When I try to fit this, using the following code:

lik = gpflow.likelihoods.SwitchedLikelihood(
    [gpflow.likelihoods.Gaussian(), gpflow.likelihoods.Gaussian()]
)

# now build the GP model as normal
m_change = gpflow.models.VGP((X_augmented, Y_augmented), kernel=k, likelihood=lik)

# fit the covariance function parameters
maxiter = ci_niter(10000)
gpflow.optimizers.Scipy().minimize(
    m_change.training_loss, m_change.trainable_variables, options=dict(maxiter=maxiter), method="L-BFGS-B",
)

I get the error "Dimensions must be equal", and I can't seem to do anything to rectify this.

My questions are:

  1. How can I get this model to fit at all?
  2. In it's current state, I think this set up would fit a different lengthscale before and after the changepoint, whereas I only wish for the correlation structure in the outputs to change. How can I set the lengthscales to be the same single trainable parameter?

please note: this is my first question here. I have attempted to stick to the guidelines, but please prompt if there are changes to my question which would make it more suitable/answerable.


Solution

  • Unfortunately, there is currently no MultiOutput support for ChangePoint kernels in GPflow. In your case, this essentially means that the ChangePoint kernel has no idea on what dimension of your outputs to act, even though the kernels that constitute it have their active_dims parameters set.

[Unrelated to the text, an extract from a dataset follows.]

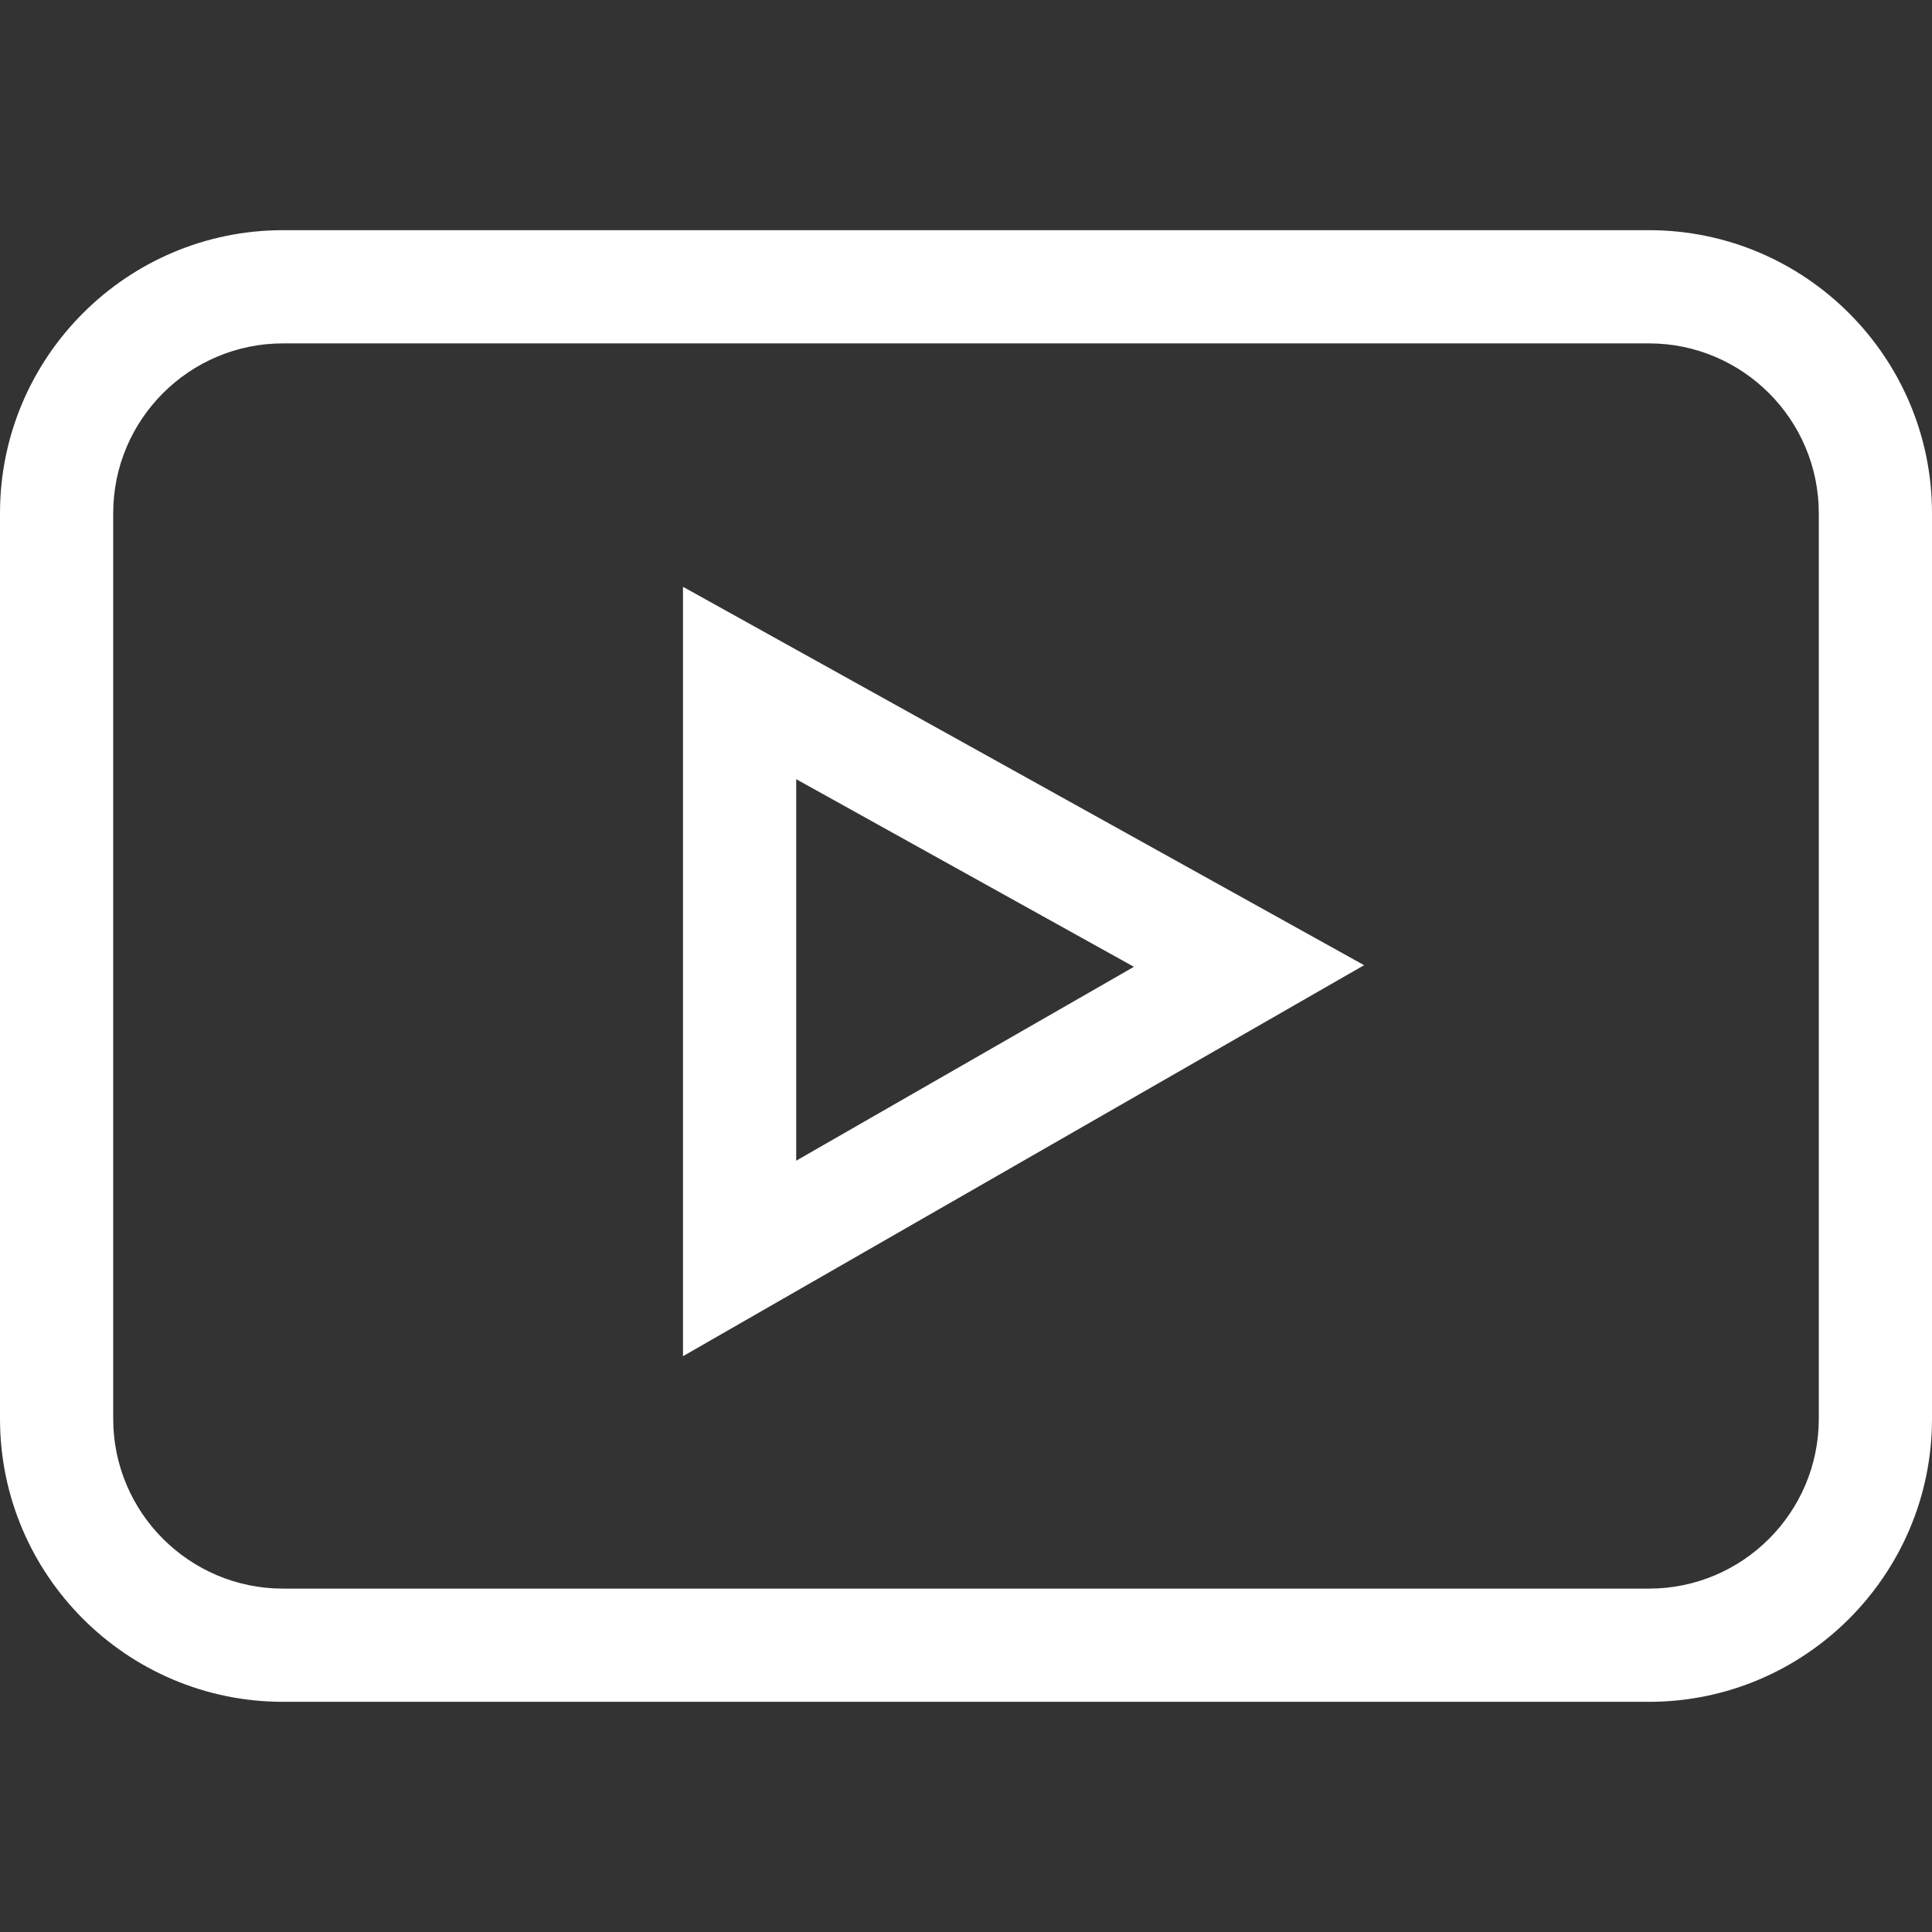 <?xml version="1.0"?>
<svg xmlns="http://www.w3.org/2000/svg" viewBox="0 -61 512 512" width="512px" height="512px" class=""><rect x="0" y="-61" width="512" height="512" fill="#333333" stroke="none"/><g><path d="m75 390h362c41.355 0 75-33.645 75-75v-240c0-41.355-33.645-75-75-75h-362c-41.355 0-75 33.645-75 75v240c0 41.355 33.645 75 75 75zm-45-315c0-24.812 20.188-45 45-45h362c24.812 0 45 20.188 45 45v240c0 24.812-20.188 45-45 45h-362c-24.812 0-45-20.188-45-45zm0 0" data-original="#000000" class="active-path" data-old_color="#000000" fill="#FFFFFF"/><path d="m181 94.508v203.898l180.5-103.621zm30 50.984 89.5 49.723-89.5 51.379zm0 0" data-original="#000000" class="active-path" data-old_color="#000000" fill="#FFFFFF"/></g> </svg>

    I have a Pull Request in the works to implement this functionality that you can find here: https://github.com/GPflow/GPflow/pull/1671

    The change proposed in that pull request simply would require you to add a switch_dim flag in your call to the ChangePoint kernel, like so:

    k = gpflow.kernels.ChangePoints([k_1, k_2], locations=[0.5], steepness=50.0,
                                    switch_dim=1) # <-- This one!
    

    If you would like to try that functionality, you can install GPflow with the proposed change, for example using pip like so:

    pip install git+https://github.com/GPflow/GPflow.git@refs/pull/1671/head
    

    Alternatively, you could locate the gpflow/kernels/changepoints.py in your GPflow sources and implement the changes you find in the pull request manually.

    If you decide to do so, please be aware that this proposed change has not been extensively tested, and is not a supported feature of GPflow (yet).


    Regarding you second question, the way you have the model set up currently would fit only one Matern kernel before and after the ChangePoint, since you are using the same k_base instance for both k_1 and k_2. This means you are already fitting the same lengthscale on both sides of the CP, which seems to be the setup you are looking for.